What linux distro should I use to replace an old Exchange server?
April 7, 2006 1:51 AM   Subscribe

What Linux distro should i use to replace an old exchange 5.5 sever and just provide pop3/smtp services

All i need to do is host some mailboxes for pop3 access now, nothing special. I certainly dont need another exchange server, got loads of them. I have an old-ish but powerful Dell workstation (dual xeon, 2GB RAM, loads of disk) that runs Unbuntu (so I know linux is ok on it). I'm more concerned with having a relatively simple pop3 config as that's the bit new to me.
posted by daveyt to Computers & Internet (10 answers total)
if it's not handling much traffic and you're not hosting anything business related I'd probably just leave Ubuntu on, even though I personally hate it.
posted by cellphone at 2:14 AM on April 7, 2006

thats the problem. I didnt realise that ubuntu didnt use inetd - I cant configure the pop3 app I have (qpopper) to work on it. I dont mind ubuntu, its ok, I come from an old school NCR SVR4 background, all these new fangled versions scare me a little....!
posted by daveyt at 2:17 AM on April 7, 2006

There's a MEPIS SoHo server live CD (website, ISO, review) - just download it, boot off it and it will run you through a typical server setup wizard (mail, web, samba etc.) If everything works OK, then you can install it with a single-click. I used it last week to turn a desktop into a temporary server and it worked perfectly.
posted by blag at 4:02 AM on April 7, 2006

ClarConnect may have what you want. It is a specialized distro with many server functions bult in designed to be run on a headless machine. You can turn off the pieces you don't need.
posted by Tallguy at 5:31 AM on April 7, 2006

Ubuntu doesn't have inetd installed by default, but you can certainly install it, if that's your only obstacle.

# apt-cache search inetd

(pick one)

# apt-get install xinetd or whatever you pick
posted by jellicle at 5:58 AM on April 7, 2006

I always like Slackware for situations that don't require PAM or Kerberos. It is possible to use it in these cases, but recompiling all the necessary programs is time consuming and annoying.
posted by Loto at 7:06 AM on April 7, 2006

I agree with cellphone. It's not an ideal distro for a server, but if Ubuntu's already installed, just leave it. You can use a good package manager (like aptitude, or KDE package manager) to trim away stuff you don't need. Either way, it doesn't look like performance will be an issue -- POP3/SMTP should be a joke for a dual xeon with 2 gigs of RAM.
posted by ori at 9:23 AM on April 7, 2006

I have an old Dell PowerEdge (single 500mhz processor, forget how much RAM) running Slackware. It works fine. Your newer, faster server will work even better.

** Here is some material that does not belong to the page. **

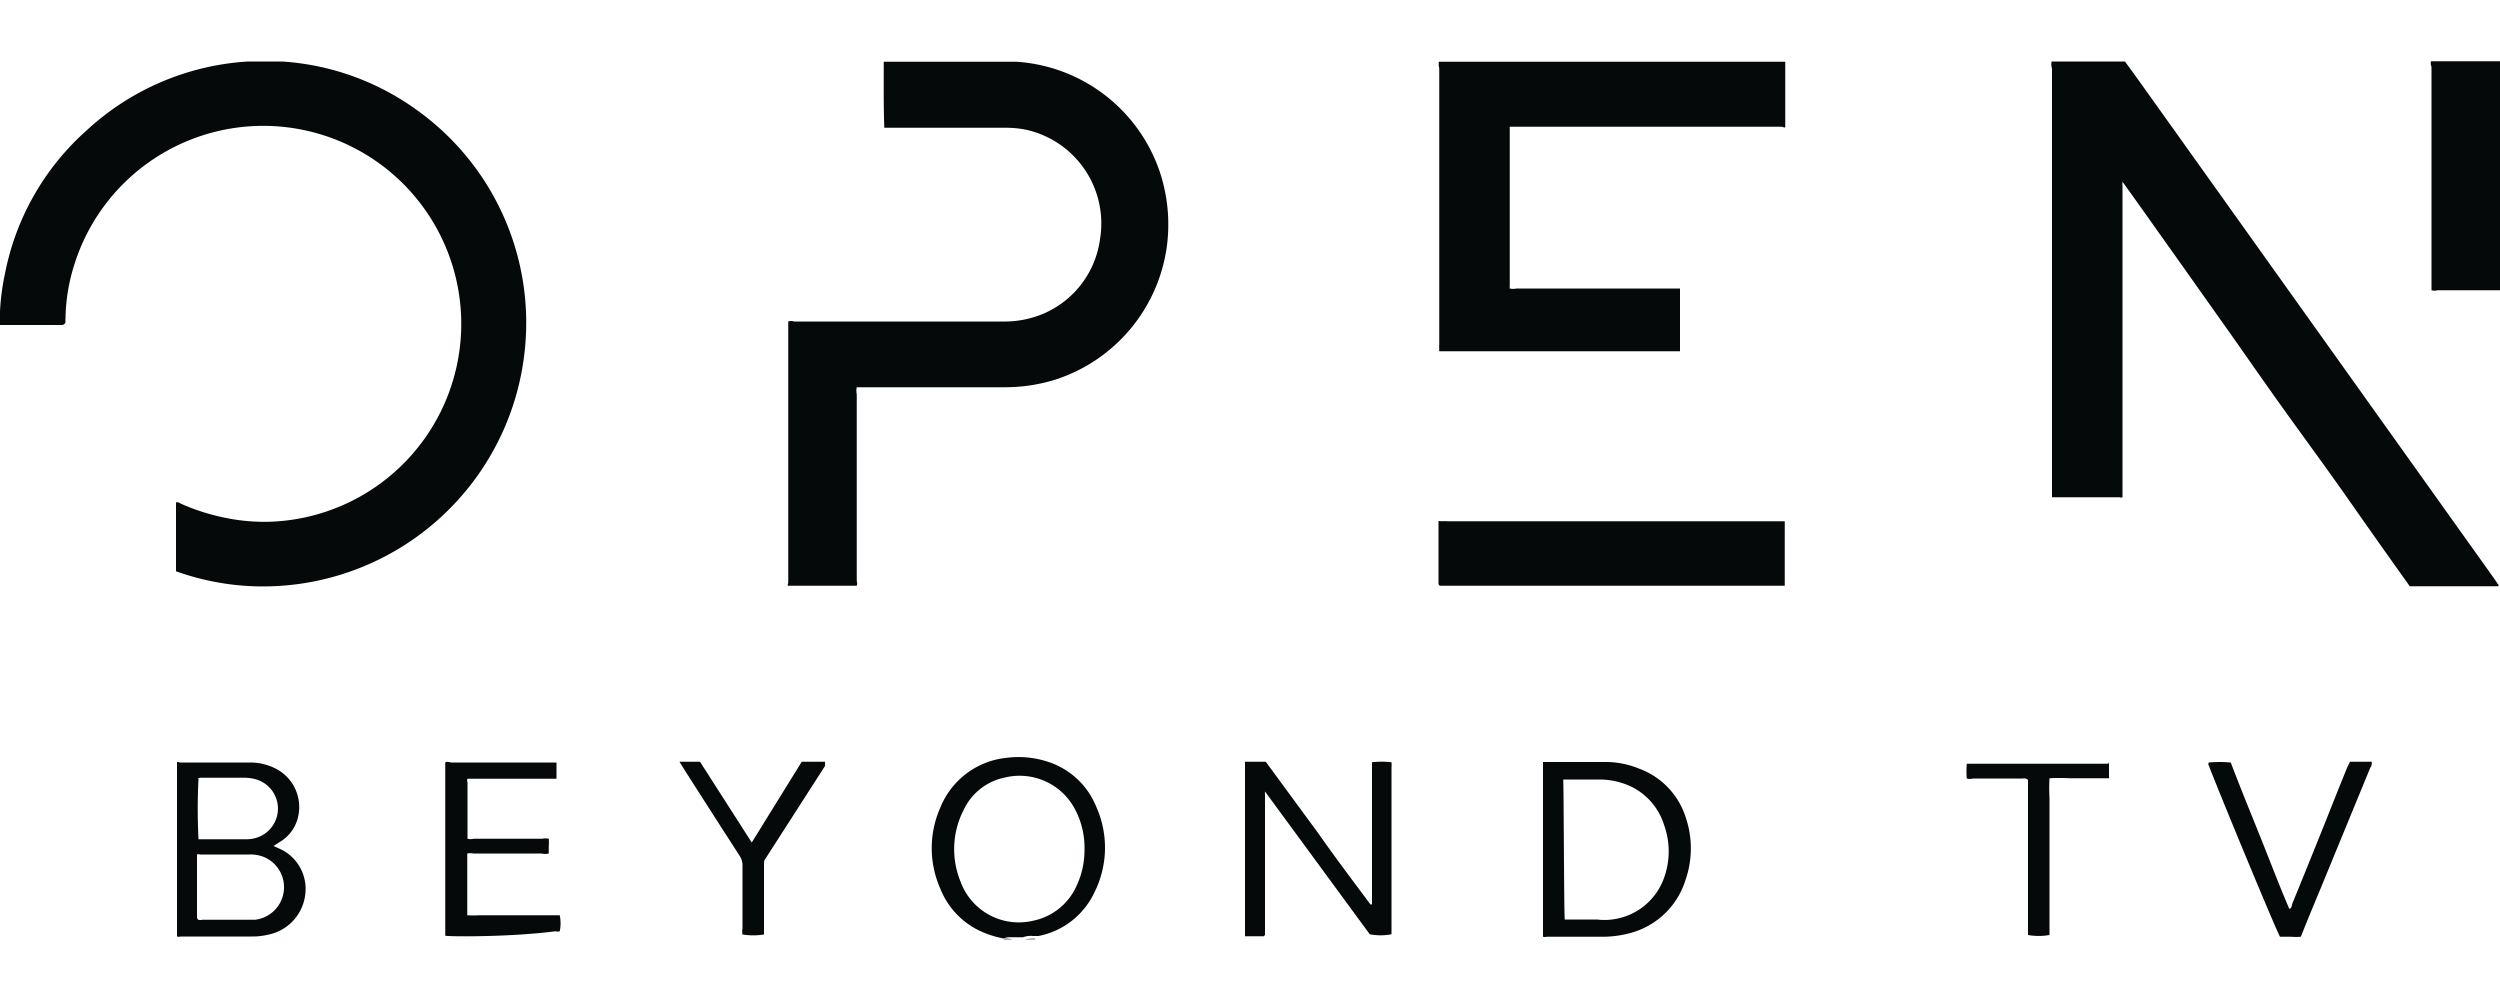 <?xml version="1.0" encoding="iso-8859-1"?>
<svg xmlns="http://www.w3.org/2000/svg" width="100" height="40" viewBox="0 0 100 40"><defs><style>.cls-1{fill:#060909;}.cls-2{fill:#3b3e3e;}.cls-3{fill:#999090;}</style></defs><g id="opentv"><path class="cls-1" d="M11.28,2.46a10.32,10.32,0,0,1,5.35,1.91A10.46,10.46,0,0,1,21,13.92a10.53,10.53,0,0,1-10.87,9.53,10.32,10.32,0,0,1-2.92-.54l-.17-.06V20.09c.07,0,.12,0,.18.05A8.41,8.41,0,0,0,9,20.71a7.7,7.7,0,0,0,1.79.16A7.92,7.92,0,1,0,3,10.5a7.47,7.47,0,0,0-.38,2.24.74.74,0,0,0,0,.15A.17.17,0,0,1,2.5,13H.25l-.25,0v0s0,0,0-.05c0-.17,0-.33,0-.5a9.61,9.61,0,0,1,.2-1.51A10.29,10.29,0,0,1,3.45,5.23,10.43,10.43,0,0,1,9.92,2.46h.15c.35,0,.71,0,1.06,0Z"/><path class="cls-1" d="M40.15,37.54a3.9,3.9,0,0,1-.76-.22,3.15,3.15,0,0,1-1.78-1.78,4,4,0,0,1,0-3.23,3.21,3.21,0,0,1,2.68-2,3.74,3.74,0,0,1,1.56.14,3.11,3.11,0,0,1,2,1.82,4,4,0,0,1-.08,3.44,3.13,3.13,0,0,1-2.23,1.73l-.22,0a.9.9,0,0,0-.4.05h-.5A.53.53,0,0,0,40.15,37.54ZM43.38,34A3.3,3.3,0,0,0,43,32.37a2.5,2.5,0,0,0-2.8-1.27,2.33,2.33,0,0,0-1.65,1.29,3.43,3.43,0,0,0-.13,2.87,2.48,2.48,0,0,0,2.9,1.57,2.43,2.43,0,0,0,1.73-1.37A3.35,3.35,0,0,0,43.38,34Z"/><path class="cls-2" d="M100,11.63h0V2.47h0Z"/><path class="cls-3" d="M35.35,2.47V2.41h5.31a.09.09,0,0,0,0,0H35.35Z"/><path class="cls-3" d="M82.06,2.46v0H85v0Z"/><path class="cls-3" d="M100,2.46H97.24a0,0,0,0,1,0,0H100S100,2.41,100,2.46Z"/><path class="cls-3" d="M41,37.59a.9.9,0,0,1,.4-.05v.05Z"/><path class="cls-3" d="M40.15,37.54a.53.53,0,0,1,.35.05h-.35Z"/><path class="cls-1" d="M82.06,2.46H85c.59.81,1.17,1.63,1.75,2.44l13,18.22.19.28s0,.05,0,.05H96.39c-.76-1.07-1.53-2.15-2.29-3.24S92.56,18.05,91.8,17s-1.54-2.16-2.3-3.25l-2.3-3.25c-.77-1.08-1.53-2.16-2.3-3.23h0v0a1.27,1.27,0,0,0,0,.2V19.89s0,0,0,0a.12.12,0,0,1-.11,0H82.08c0-.05,0-.1,0-.15v-17C82.05,2.66,82.05,2.56,82.06,2.46Z"/><path class="cls-1" d="M35.35,2.47h5.31a6.5,6.5,0,0,1,5.73,4.4,6.67,6.67,0,0,1,.29,2.94,6.53,6.53,0,0,1-4.45,5.37,6.79,6.79,0,0,1-2,.31H34.27a.68.68,0,0,0,0,.28q0,3.18,0,6.37c0,.36,0,.73,0,1.1a.31.31,0,0,1,0,.19c-.19,0-2.48,0-2.74,0-.05,0,0-.09,0-.14V13.12c0-.09,0-.18,0-.26a.33.33,0,0,1,.23,0H40.1a4,4,0,0,0,1.7-.34A3.79,3.79,0,0,0,44,9.57,3.84,3.84,0,0,0,41,5.18a4.22,4.22,0,0,0-.79-.07H35.37s0,0,0-.08C35.34,4.17,35.35,3.32,35.35,2.47Z"/><path class="cls-1" d="M57.55,2.47H71.41c0,.85,0,1.69,0,2.53,0,0,0,0,0,.07s-.09,0-.14,0H60.39s0,0,0,0v6.39a.28.28,0,0,0,0,.08.62.62,0,0,0,.27,0h6.54l0,0v0c0,.81,0,1.62,0,2.43,0,0,0,.06,0,.08l0,0H57.57a.25.25,0,0,1,0-.07,1.41,1.41,0,0,1,0-.2V2.72C57.54,2.63,57.55,2.55,57.55,2.47Z"/><path class="cls-1" d="M71.39,20.82c0,.21,0,2.38,0,2.61l0,0H57.59a.13.13,0,0,1-.05-.12V20.92s0-.05,0-.07.1,0,.15,0a1.33,1.33,0,0,1,.2,0H71.39Z"/><path class="cls-1" d="M97.24,2.45H100v9.16h-2.5a.42.42,0,0,1-.24,0V2.67A.34.34,0,0,1,97.24,2.45Z"/><path class="cls-1" d="M10.94,33.84l.33.15a1.76,1.76,0,0,1,.94,1.79,1.86,1.86,0,0,1-1.5,1.61,2.62,2.62,0,0,1-.62.07H7.23a.27.27,0,0,1-.15,0V30.5c0-.05.09,0,.13,0H10a2.25,2.25,0,0,1,1.13.3,1.73,1.73,0,0,1,.76,2,1.57,1.57,0,0,1-.7.88Zm-3,2.95a.26.26,0,0,0,.15,0H9.9l.3,0a1.31,1.31,0,0,0,.38-2.5,1.43,1.43,0,0,0-.61-.11H8a.17.17,0,0,0-.12,0c0,.17,0,2.24,0,2.52A.14.14,0,0,0,7.93,36.79Zm0-5.64a24.09,24.09,0,0,0,0,2.42H9.86a1.34,1.34,0,0,0,.4-.06,1.22,1.22,0,0,0,0-2.33,1.68,1.68,0,0,0-.5-.07H8.05A.2.2,0,0,0,7.91,31.15Z"/><path class="cls-1" d="M50.55,37.45H49.8l0,0s0,0,0,0V30.54a.41.41,0,0,1,0-.07h.83l2.1,2.86c.7,1,1.39,1.91,2.09,2.85.07,0,.06,0,.06-.08V30.49a3.39,3.39,0,0,1,.78,0l0,0v0a1.34,1.34,0,0,1,0,.2v6.68a2.24,2.24,0,0,1-.87,0l-4.19-5.71s0,0,0,0,0,0,0,0a.34.34,0,0,0,0,.1V37.4Z"/><path class="cls-1" d="M61.72,30.48h2.47a3.5,3.5,0,0,1,1.36.26,3.06,3.06,0,0,1,1.87,1.93,3.85,3.85,0,0,1,0,2.53,3.17,3.17,0,0,1-2.32,2.15,4.19,4.19,0,0,1-1,.12H61.87a.27.27,0,0,1-.15,0Zm.87,6.3h1.29a2.43,2.43,0,0,0,.6,0,2.53,2.53,0,0,0,2.08-1.66,3.12,3.12,0,0,0,0-2.13,2.55,2.55,0,0,0-1.28-1.51,3,3,0,0,0-1.28-.3c-.44,0-.89,0-1.33,0-.05,0-.1,0-.14,0C62.55,31.53,62.56,36.56,62.59,36.78Z"/><path class="cls-1" d="M17.81,37.43V30.5c.08-.06.17,0,.26,0h4.19v.65c-.25,0-.49,0-.73,0H18.7a.17.17,0,0,0,0,.14c0,.83,0,2,0,2.26a.48.48,0,0,0,.24,0h2.75a.6.6,0,0,1,.26,0,1.38,1.38,0,0,1,0,.29v.3a.54.54,0,0,1-.28,0H18.93a.63.63,0,0,0-.24,0l0,0s0,0,0,0v2.47l0,0a4.09,4.09,0,0,0,.5,0h3.2a1.57,1.57,0,0,1,0,.64.27.27,0,0,1-.17,0C20.48,37.48,18.05,37.47,17.81,37.43Z"/><path class="cls-1" d="M94,30.47h.87c0,.1,0,.17-.06.24l-1.9,4.62c-.27.66-.55,1.31-.82,2a1.47,1.47,0,0,1-.06.14,2.55,2.55,0,0,1-.39,0H91.2c-.14-.23-2.23-5.26-2.85-6.85a.13.13,0,0,1,0-.12,5,5,0,0,1,.88,0c.38,1,.77,1.95,1.16,2.92s.78,2,1.18,2.93c.09,0,.1-.13.12-.2.46-1.12.91-2.24,1.36-3.36.28-.71.56-1.41.85-2.12Z"/><path class="cls-1" d="M30.07,33.7l2-3.23H33c0,.08,0,.12,0,.17l-2.3,3.58a.05.05,0,0,0,0,0c-.15.24-.14.16-.14.46v2.7a2.73,2.73,0,0,1-.86,0,.65.65,0,0,1,0-.24c0-.84,0-1.67,0-2.51a.68.68,0,0,0-.11-.39c-.76-1.18-1.52-2.36-2.27-3.54l-.14-.23s0,0,0,0H28Z"/><path class="cls-1" d="M84.36,30.48v.57a.31.31,0,0,1,0,.08c-.27,0-.54,0-.8,0h-.78a7.15,7.15,0,0,0-.8,0,7,7,0,0,0,0,.79c0,.26,0,.53,0,.8v4.68a2.45,2.45,0,0,1-.86,0V31.2a.21.21,0,0,0-.2-.06h-2a.44.44,0,0,1-.25,0,3.92,3.92,0,0,1,0-.59s0,0,0,0h5.66Z"/></g></svg>

Slackware goes for "stable and tested" over "newest kernel". In the last 4 years my Slack box hasn't been a problem.
posted by caution live frogs at 11:36 AM on April 7, 2006

Second slackware...
posted by Arthur Dent at 12:50 PM on April 7, 2006

you can always ditch qpopper and consider the courier pop/imap package (you can skip their MTA if you don't want it) - I'm not even sure if qpopper is being supported anymore.
There's also the uw-imap/pop package. pop3 is pretty simple.

For SMTP? Consider Postfix. Fairly easy to get going, and there's now several books covering setup & configuration. Having Postfix deal with Exchange is also documented in the books. (Ignore the book by Blum, tho, as it's way out of date)

Since you already have Ubuntu installed and working and you're ok with it, it might be in your best interest to just leave it there. besides, apt-get makes it pretty easy to keep current. As much as I know people love Slackware, switching distros from what you have now might simply cause more problems in the end. Ubuntu gets pretty high marks from the linux community.

Personally, I'm more comfortable with Gentoo Linux. But you're kind of making it sound like this isn't going to be a permanent solution, so in that case, I vote for "leave Ubuntu there."